Question

Factorise the following expressions:
(1) \[6a+6b\]
(2) \[12{{x}^{3}}y-4x{{y}^{2}}\]
(3) \[3ay+3az\]

Answer 1

Hint: We solve this problem by factorizing the given expressions one by one.
We take the common terms out from each term of the expression and then we check whether further factorization is possible or not.
If it is possible then we use the required algebra formula to factorize the given expressions.

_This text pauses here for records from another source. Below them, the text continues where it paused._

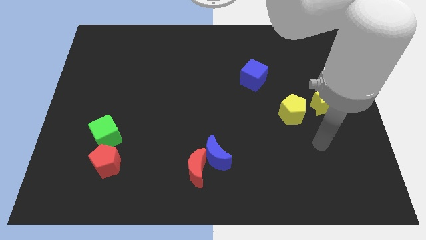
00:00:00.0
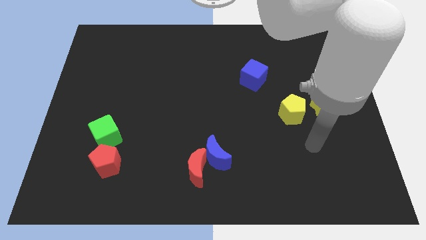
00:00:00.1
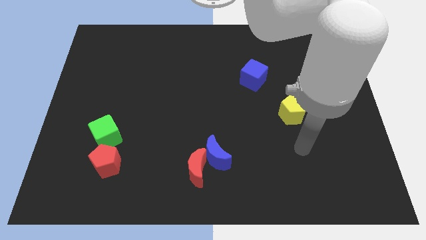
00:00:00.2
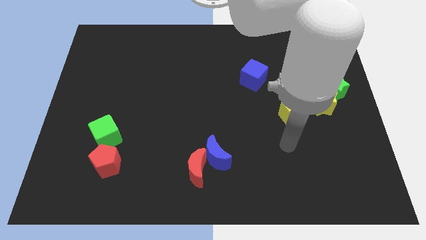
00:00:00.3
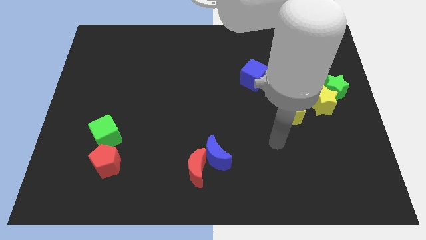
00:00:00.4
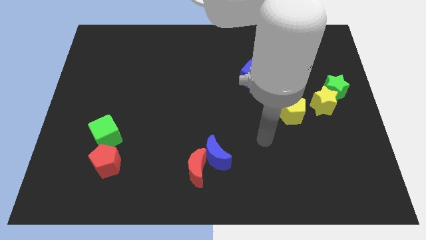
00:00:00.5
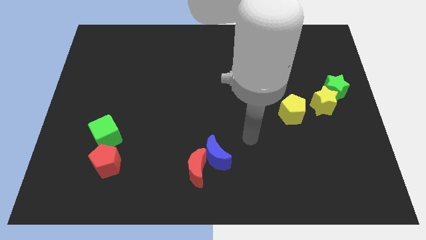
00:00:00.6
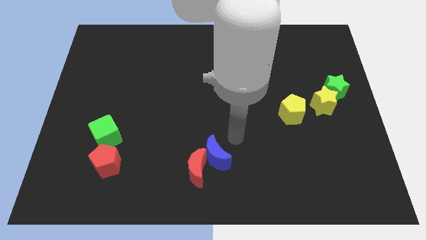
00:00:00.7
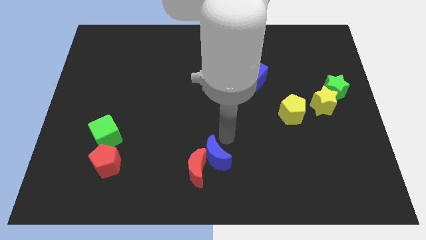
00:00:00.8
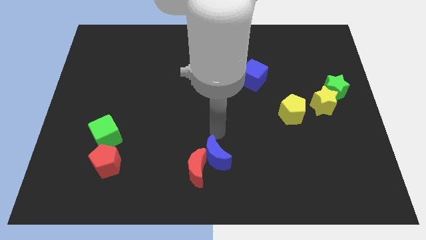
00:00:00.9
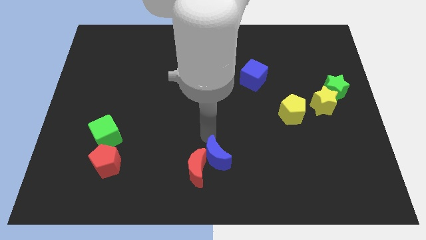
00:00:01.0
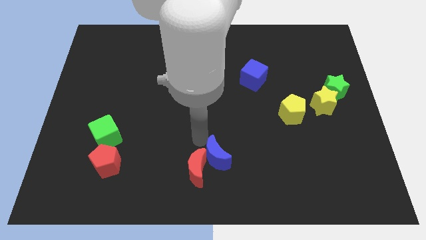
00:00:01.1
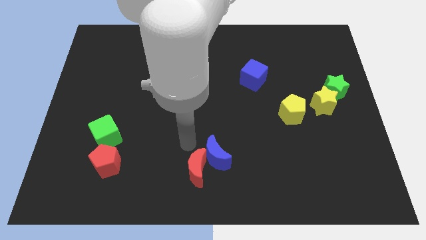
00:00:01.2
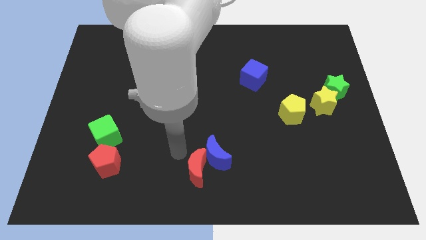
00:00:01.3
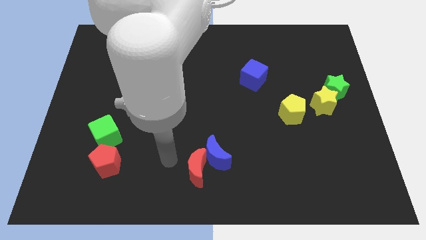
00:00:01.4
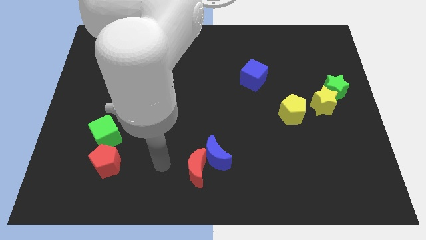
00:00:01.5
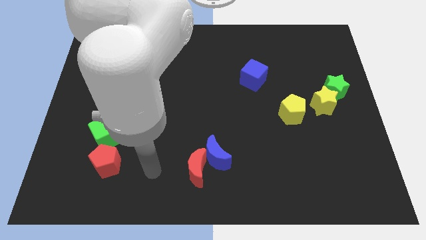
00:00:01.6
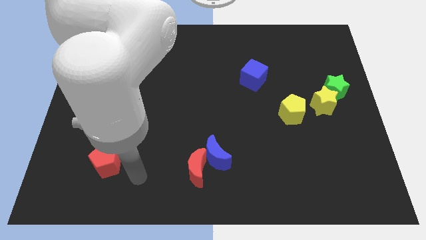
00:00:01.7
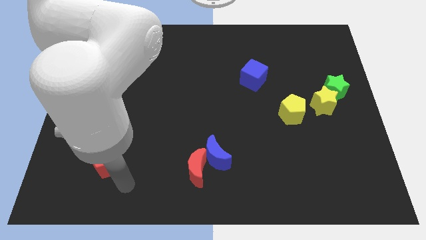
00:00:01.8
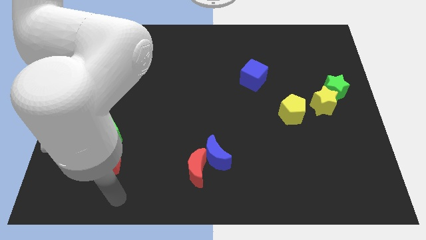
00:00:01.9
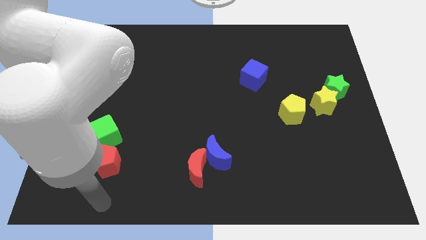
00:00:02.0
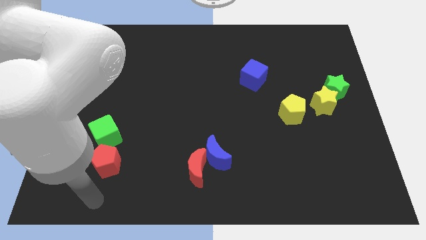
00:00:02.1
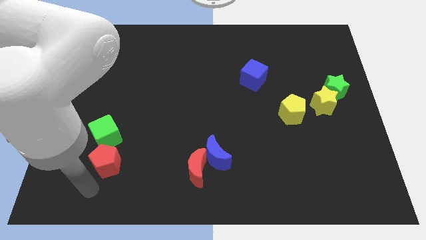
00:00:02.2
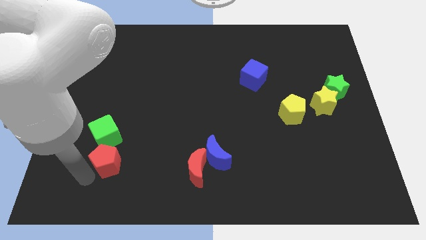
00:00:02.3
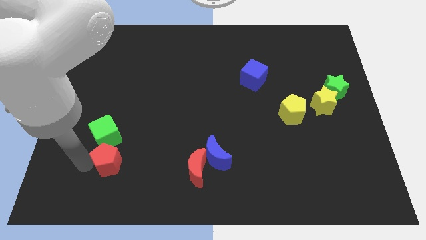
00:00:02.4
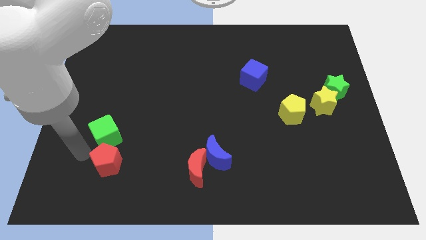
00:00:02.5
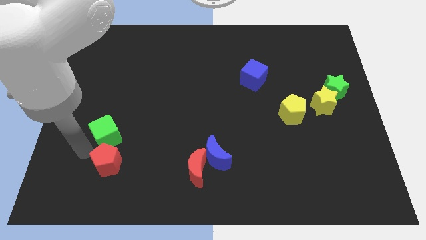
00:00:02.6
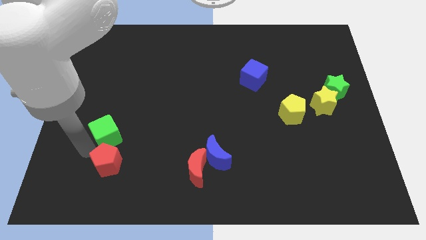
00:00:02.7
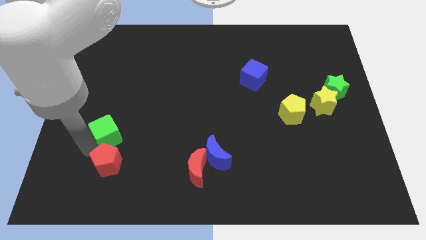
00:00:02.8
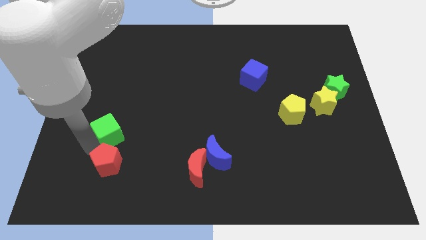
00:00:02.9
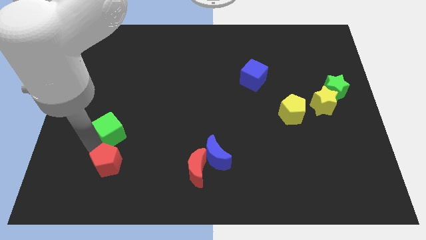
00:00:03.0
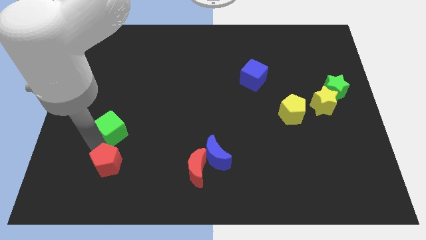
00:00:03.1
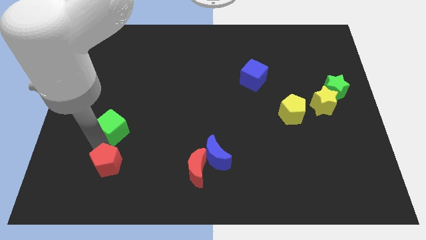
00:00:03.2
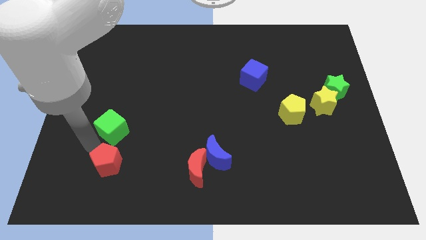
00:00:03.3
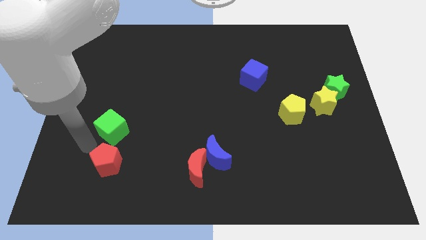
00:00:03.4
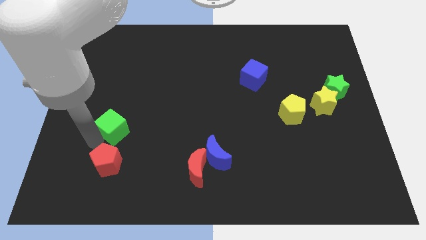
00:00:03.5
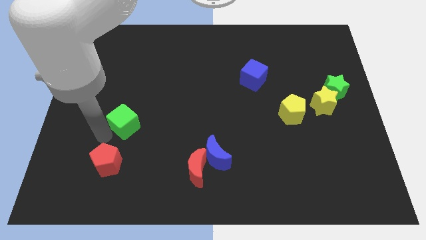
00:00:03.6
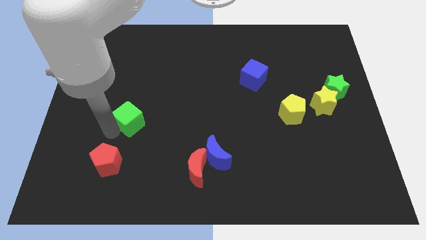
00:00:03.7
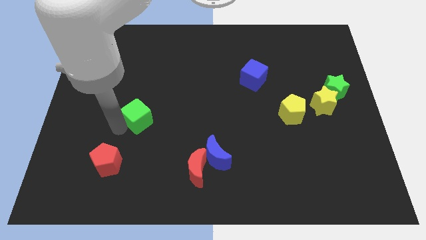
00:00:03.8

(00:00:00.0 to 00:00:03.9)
slightly push the green cube upwards and right diagonally

Complete step by step answer:
We are given some expressions to factorize.
Let us factorize the given expressions one by one.
(1) \[6a+6b\]
Let us assume that the given expression as
\[\Rightarrow E=6a+6b\]
Now, let us take the common terms out from the above equation then we get
\[\Rightarrow E=6\left( a+b \right)\]
Here, we can see that the above expression cannot be further factorised
So, we can conclude that the factorisation of \[6a+6b\] as
\[\therefore 6a+6b=6\left( a+b \right)\]
(2) \[12{{x}^{3}}y-4x{{y}^{2}}\]
Let us assume that the given expression as
\[\Rightarrow A=12{{x}^{3}}y-4x{{y}^{2}}\]
Now, let us take the common terms out from the above equation then we get
\[\Rightarrow A=4xy\left( 3{{x}^{2}}-y \right)\]
Here, we can see that the above expression cannot be further factorised
So, we can conclude that the factorisation of \[12{{x}^{3}}y-4x{{y}^{2}}\] as
\[\therefore 12{{x}^{3}}y-4x{{y}^{2}}=4xy\left( 3{{x}^{2}}-y \right)\]
(3) \[3ay+3az\]
Let us assume that the given expression as
\[\Rightarrow P=3ay+3az\]
Now, let us take the common terms out from the above equation then we get
\[\Rightarrow P=3a\left( y+z \right)\]
Here, we can see that the above expression cannot be further factorized
So, we can conclude that the factorization of \[3ay+3az\] as
\[\therefore 3ay+3az=3a\left( y+z \right)\]

Note:
Students may do mistakes in the factorization method.
In the first expression, we get the expression after the factorization as
\[\Rightarrow E=6\left( a+b \right)\]
Here, we can stop the factorization because there is no possibility of further factorization.
But students may do mistake and take the expression further as
\[\Rightarrow E=6\left( {{\left( \sqrt{a} \right)}^{2}}-{{\left( \sqrt{b} \right)}^{2}} \right)\]
Now, we can factorize further. But this is no need because we mostly try to factorize the given expression in the linear form that is having the power of variable as 1. So, there is no need for this type of further factorization.